I see you posted it elsewhere and found it was a whizzer at one point? If that is a tapered kick stand I believe those were one year old 1946.


----------



## GTs58 (Jul 12, 2013)

Euphman06 said:


> I see you posted it elsewhere and found it was a whizzer at one point? If that is a tapered kick stand I believe those were one year old 1946.




It does look like the rear fender is cut out a little. Can't tell from the one pic but I'm thinking more would have been cut out if it was a Wizzer.


----------



## rustyspoke66 (Jul 12, 2013)

I would agree with the built as a Whizzer. Not only does it have the cut out on the fender but it has the heavy service wheels. That would also explain why the tank is missing. Looks like you need to buy a Whizzer kit.


----------



## old hotrod (Jul 12, 2013)

Euphman06 said:


> I see you posted it elsewhere and found it was a whizzer at one point? If that is a tapered kick stand I believe those were one year old 1946.
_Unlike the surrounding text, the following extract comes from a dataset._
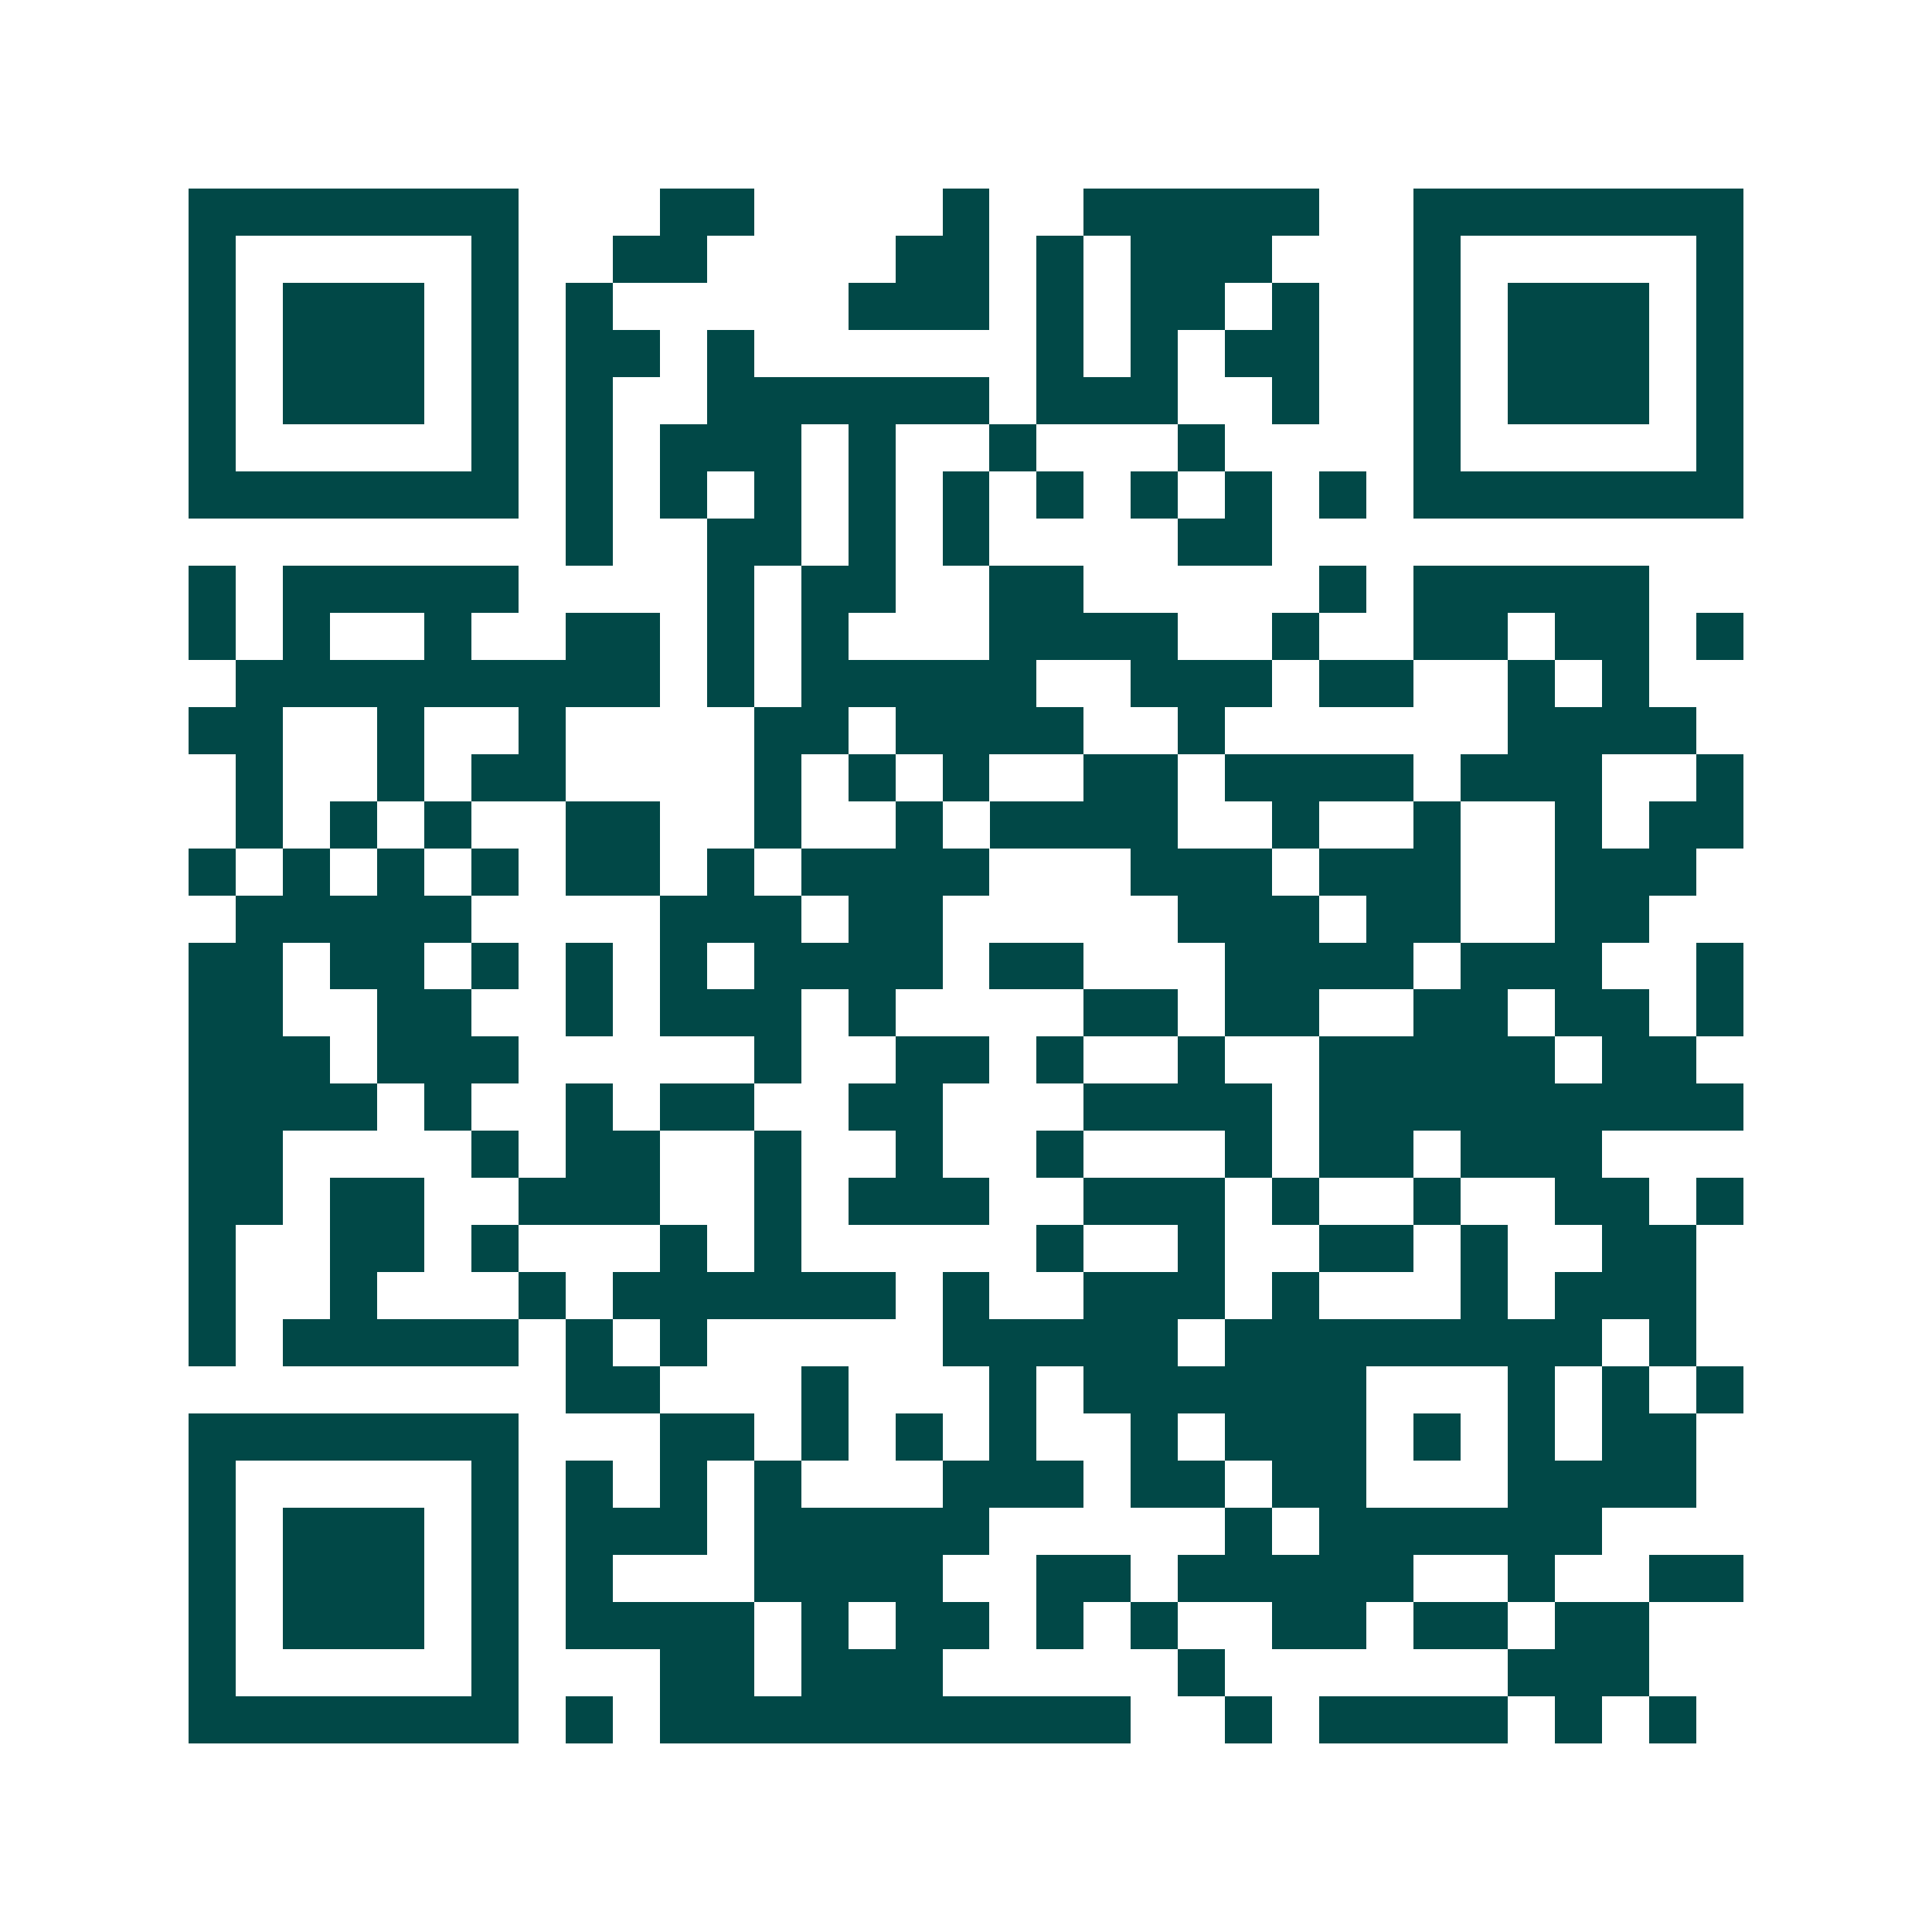 <svg xmlns="http://www.w3.org/2000/svg" width="200" height="200" viewBox="0 0 41 41" shape-rendering="crispEdges"><path fill="#ffffff" d="M0 0h41v41H0z"/><path stroke="#014847" d="M4 4.5h7m3 0h2m4 0h1m2 0h5m2 0h7M4 5.5h1m5 0h1m2 0h2m4 0h2m1 0h1m1 0h3m3 0h1m5 0h1M4 6.5h1m1 0h3m1 0h1m1 0h1m5 0h3m1 0h1m1 0h2m1 0h1m2 0h1m1 0h3m1 0h1M4 7.5h1m1 0h3m1 0h1m1 0h2m1 0h1m6 0h1m1 0h1m1 0h2m2 0h1m1 0h3m1 0h1M4 8.5h1m1 0h3m1 0h1m1 0h1m2 0h6m1 0h3m2 0h1m2 0h1m1 0h3m1 0h1M4 9.5h1m5 0h1m1 0h1m1 0h3m1 0h1m2 0h1m3 0h1m4 0h1m5 0h1M4 10.5h7m1 0h1m1 0h1m1 0h1m1 0h1m1 0h1m1 0h1m1 0h1m1 0h1m1 0h1m1 0h7M12 11.5h1m2 0h2m1 0h1m1 0h1m4 0h2M4 12.5h1m1 0h5m4 0h1m1 0h2m2 0h2m5 0h1m1 0h5M4 13.5h1m1 0h1m2 0h1m2 0h2m1 0h1m1 0h1m3 0h4m2 0h1m2 0h2m1 0h2m1 0h1M5 14.5h9m1 0h1m1 0h5m2 0h3m1 0h2m2 0h1m1 0h1M4 15.5h2m2 0h1m2 0h1m4 0h2m1 0h4m2 0h1m6 0h4M5 16.5h1m2 0h1m1 0h2m4 0h1m1 0h1m1 0h1m2 0h2m1 0h4m1 0h3m2 0h1M5 17.5h1m1 0h1m1 0h1m2 0h2m2 0h1m2 0h1m1 0h4m2 0h1m2 0h1m2 0h1m1 0h2M4 18.5h1m1 0h1m1 0h1m1 0h1m1 0h2m1 0h1m1 0h4m3 0h3m1 0h3m2 0h3M5 19.5h5m4 0h3m1 0h2m5 0h3m1 0h2m2 0h2M4 20.5h2m1 0h2m1 0h1m1 0h1m1 0h1m1 0h4m1 0h2m3 0h4m1 0h3m2 0h1M4 21.5h2m2 0h2m2 0h1m1 0h3m1 0h1m4 0h2m1 0h2m2 0h2m1 0h2m1 0h1M4 22.5h3m1 0h3m5 0h1m2 0h2m1 0h1m2 0h1m2 0h5m1 0h2M4 23.5h4m1 0h1m2 0h1m1 0h2m2 0h2m3 0h4m1 0h9M4 24.5h2m4 0h1m1 0h2m2 0h1m2 0h1m2 0h1m3 0h1m1 0h2m1 0h3M4 25.5h2m1 0h2m2 0h3m2 0h1m1 0h3m2 0h3m1 0h1m2 0h1m2 0h2m1 0h1M4 26.5h1m2 0h2m1 0h1m3 0h1m1 0h1m5 0h1m2 0h1m2 0h2m1 0h1m2 0h2M4 27.5h1m2 0h1m3 0h1m1 0h6m1 0h1m2 0h3m1 0h1m3 0h1m1 0h3M4 28.5h1m1 0h5m1 0h1m1 0h1m5 0h5m1 0h8m1 0h1M12 29.5h2m3 0h1m3 0h1m1 0h6m3 0h1m1 0h1m1 0h1M4 30.5h7m3 0h2m1 0h1m1 0h1m1 0h1m2 0h1m1 0h3m1 0h1m1 0h1m1 0h2M4 31.5h1m5 0h1m1 0h1m1 0h1m1 0h1m3 0h3m1 0h2m1 0h2m3 0h4M4 32.5h1m1 0h3m1 0h1m1 0h3m1 0h5m5 0h1m1 0h6M4 33.5h1m1 0h3m1 0h1m1 0h1m3 0h4m2 0h2m1 0h5m2 0h1m2 0h2M4 34.5h1m1 0h3m1 0h1m1 0h4m1 0h1m1 0h2m1 0h1m1 0h1m2 0h2m1 0h2m1 0h2M4 35.5h1m5 0h1m3 0h2m1 0h3m5 0h1m6 0h3M4 36.5h7m1 0h1m1 0h10m2 0h1m1 0h4m1 0h1m1 0h1"/></svg>

Not necessarilly a 46 only...several people have reportedly spotted them on 47s too


----------



## pkh1974 (Jul 13, 2013)

It is a whizzer bike. The kick stand is tapered. Hopefully I can get the crank pulled sometime soon to see what year it is. I will take a closer look at the serial number also.


----------



## THEGOLDENGREEK (Jul 13, 2013)

clean it up an throw new tubes and tires on and rides... very nice patina @ RUSTY GOLD!!!


----------



## Boris (Jul 13, 2013)

There's a lot that I don't know about Whizzers, so I was wondering if there were any possibility that this could be a factory WZ Whizzer? If so, that would be a factory notch in the fender and a factory dimple in the chainstay. Is the brake arm bracket welded to the frame? Would you mind posting the serial number?


----------



## pkh1974 (Jul 14, 2013)

Serial number is B99264. 
There is nothing welded on the frame by the brake arm but the frame has extra metal by the seat post tube. 
I read on another site that the brake arms weren't welded on the earlier whizzer bikes but I don't know if this is considered an early whizzer or not. 
I am looking at some white wall balloon tires on eBay now.
I rode it some last night. I think the rear hub needs a good cleaning and re lube. 
When you brake then try to return pedaling the crank spins freely as if it isn't engaging properly. It doesn't always do this though.


----------



## pkh1974 (Jul 18, 2013)

I got some work done in this bike tonight.
I installed the new white wall tires, rebuilt the rear hub and replaced the bottom bracket.
It looks so much better now and rides a lot better too.


----------



## Rustafari (Jul 18, 2013)

Sahweet! Nice bike!


----------



## pkh1974 (Jul 23, 2013)

Anybody have a matching tank for this?  I don't want to spend a lot. 
Let me know what you have. 
Pat


----------



## SJ_BIKER (Nov 16, 2013)

*i picked up a whizzer 46 today*

i picked up a schwinn planes and trains 1946 whizzer notched frame with the serial number under the crank B**** ill get the exact number tommorow. rear fender was swapped for a cheap one....it sports thick spokes wheels and forewheel drum brake where spraypainted silver


----------



## stingrayjoe (Nov 17, 2013)

*Deluxe Whizzer tank*



pkh1974 said:


> Anybody have a matching tank for this?  I don't want to spend a lot.
> Let me know what you have.
> Pat




Check your PM inbox


----------